Comfortable Liquidity: As of end-March 2014, Multipolar (excluding MPPA) had cash balance of around IDR2trn against IDR222bn in short-term debt. Multipolar also has no significant debt maturing until 2018 when the USD230m notes fall due. In a distressed scenario, Fitch believes Multipolar will be able to access additional liquidity by monetising its various investments. For example, Multipolar’s various investment properties are worth about IDR2trn while its shareholding at MPPA and MDS worth about USD1.4bn at 7 July 2014.
High Fixed Cost Structure: Multipolar’s strategy of renting all its property increases its fixed costs, especially considering retailers’ thin margin buffers. Fitch believes Multipolar’s growing scale and margin stability mitigate its high fixed costs.
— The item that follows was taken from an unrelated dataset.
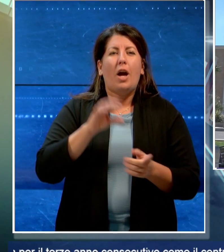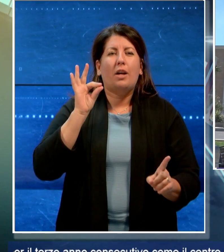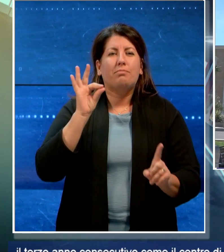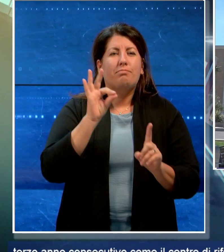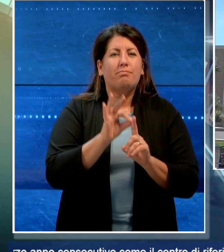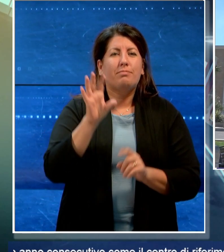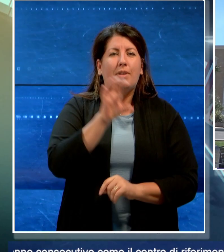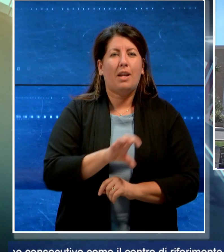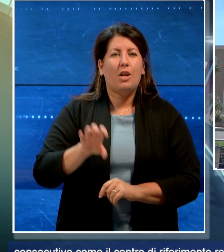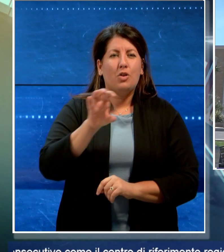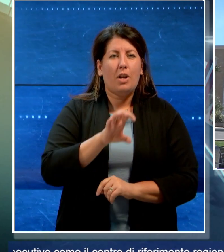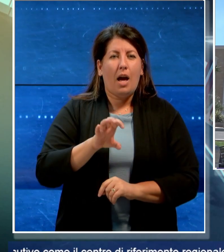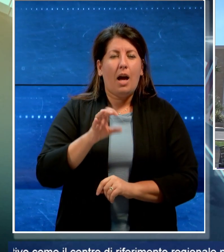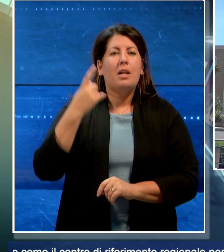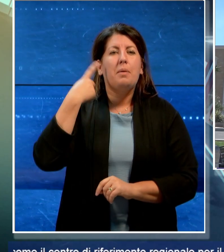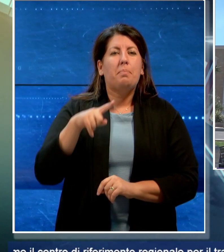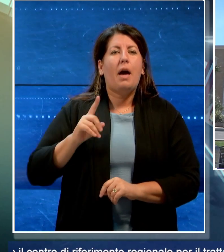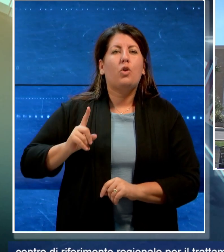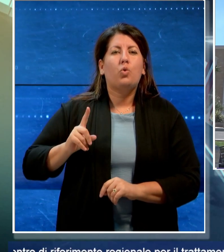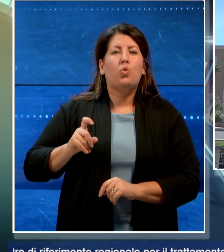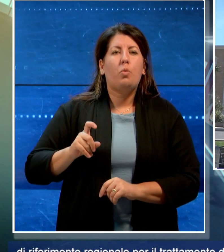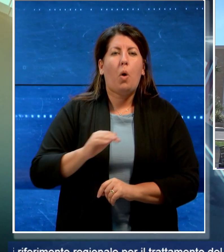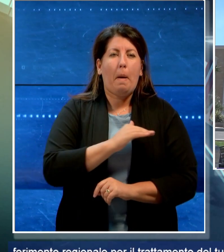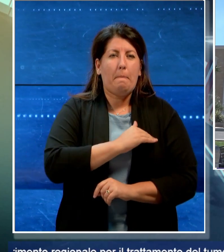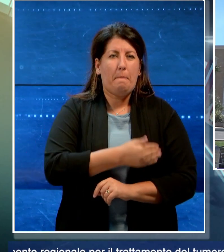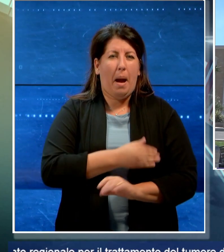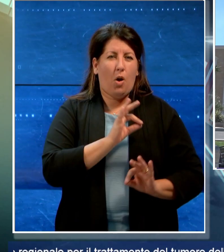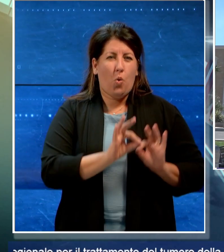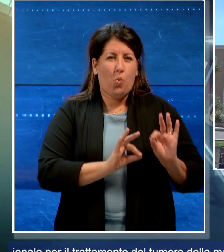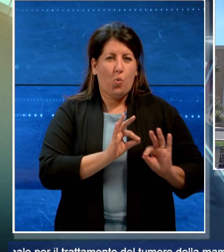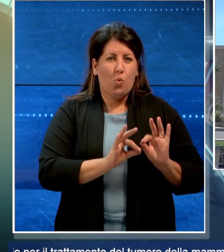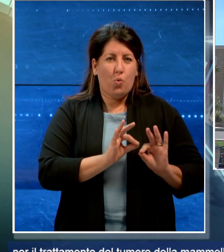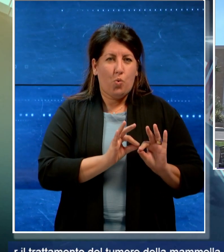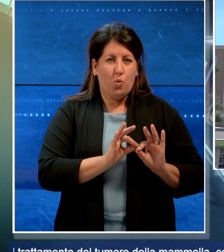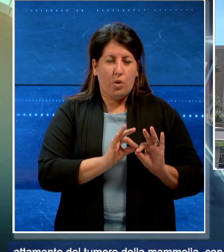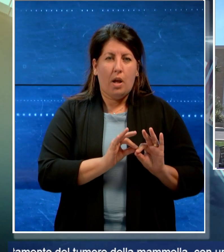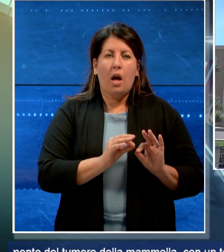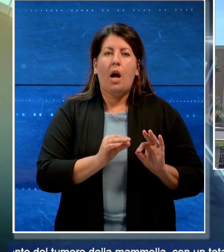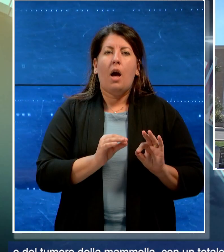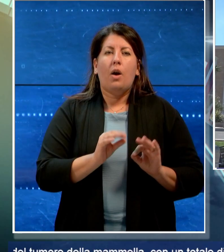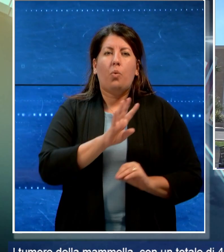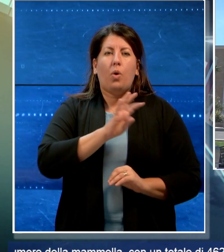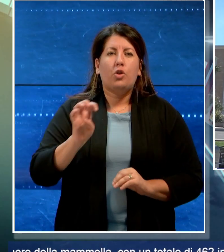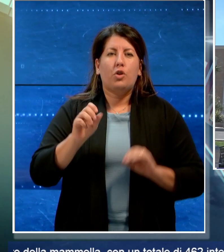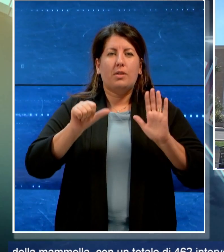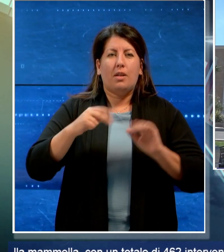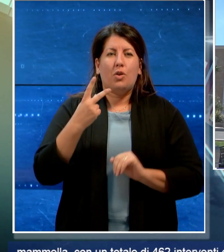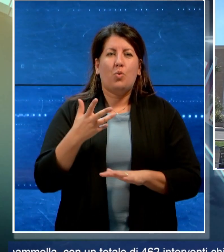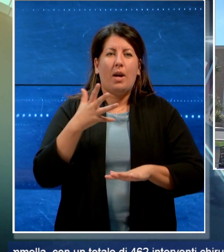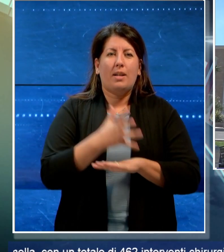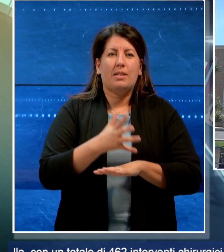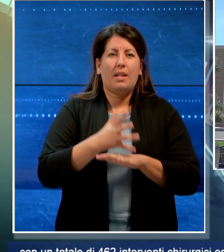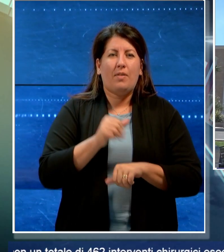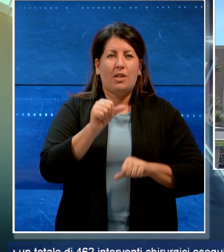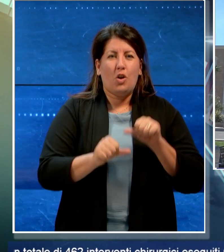regionale per il trattamento del tumore alla mammella con un totale di 462 interventi

MPPA has been negotiating with landlords of its hypermarkets to switch from fixed-rate rents to rents that are tied to its turnover. This strategy has helped to cut its consolidated rent to revenue ratio to about 4% in 2013 from about 5% previously. In addition, Multipolar’s association with mall operator PT Lippo Karawaci Tbk (Lippo; BB-/Stable), which owns about 41% of Multipolar’s retail space provides critical operating synergy to both parties. Multipolar’s retail outlets to drive foot traffic to Lippo’s malls, while Lippo is able to offer Multipolar priority in retail locations.
Conservative Strategy in China: Delays in new store openings and underperformance of its existing stores have slowed down Multipolar’s business turnaround in China. However, the company’s Robbinz department stores in China have shown meaningful operating improvement. Although Fitch does not expect significant improvement in the Chinese business over the medium term, the risk associated with this business is mitigated because capital expenditure allocated to it is limited and management has demonstrated a conservative approach in making future investment decisions in China.
Contingent Liability to Temasek: Under the terms of an alliance agreement with Singapore’s Temasek Holdings, if MPPA fails to meet Temasek’s operating performance targets, Multipolar will have to pay Temasek any shortfall of its USD300m investment upon the latter’s exit from MPPA. However, given the current favorable retail market outlook, the risk of this liability crystallising is, in Fitch’s view, not high. As of 7 July 2014, Temasek’s 26.1% indirect shareholding at MPPA was worth about USD352m.
Robust Private Consumption: The outlook for modern retail in Indonesia remains robust, driven by the country’s large population, consumers’ increasing spending power, young demographic, and high urbanisation rate. A 40% increase in the minimum wage in the capital Jakarta in 2012 is starting to have an impact on second-tier cities where MPAA and MDS are expanding.
Negative: Future developments that may, individually or collectively, lead to negative rating action include:
- Decline in FCC to below 2x on a sustained basis. This may result from lower-than-expected dividends or significant deterioration in the performance of non-core businesses.
Positive rating action is not anticipated over the medium term unless there is significant turnaround in its other businesses that materially strengthens Multipolar’s FCC on a sustained basis. This is due to Multipolar’s structural subordination and its high fixed-cost structure.